Segment Open

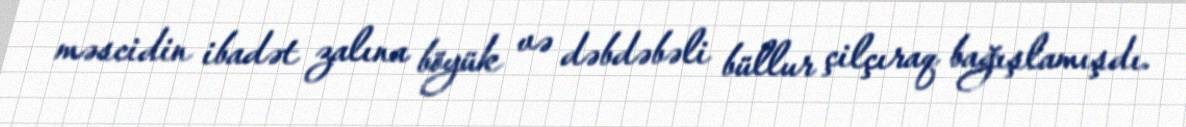
məscidin ibadət zalına böyük və dəbdəbəli büllur çilçıraq bağışlamışdı.
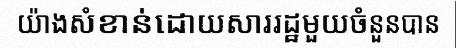
យ៉ាងសំខាន់ដោយសាររដ្ឋមួយចំនួនបាន
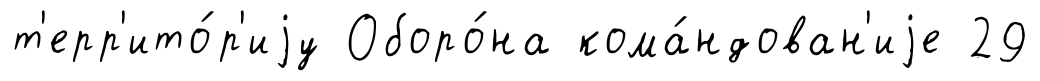
т'ерр'ито́р'иjу Оборо́на кома́ндован'иjе 29
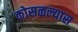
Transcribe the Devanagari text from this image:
कोसळल्यास
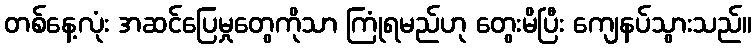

Segment Closed

## REQUIREMENT
From the line with "Transcribe the Devanagari" down to the last line of the records above, restate each line verbatim, passing over any picture.

## SOLUTION
Transcribe the Devanagari text from this image:
कोसळल्यास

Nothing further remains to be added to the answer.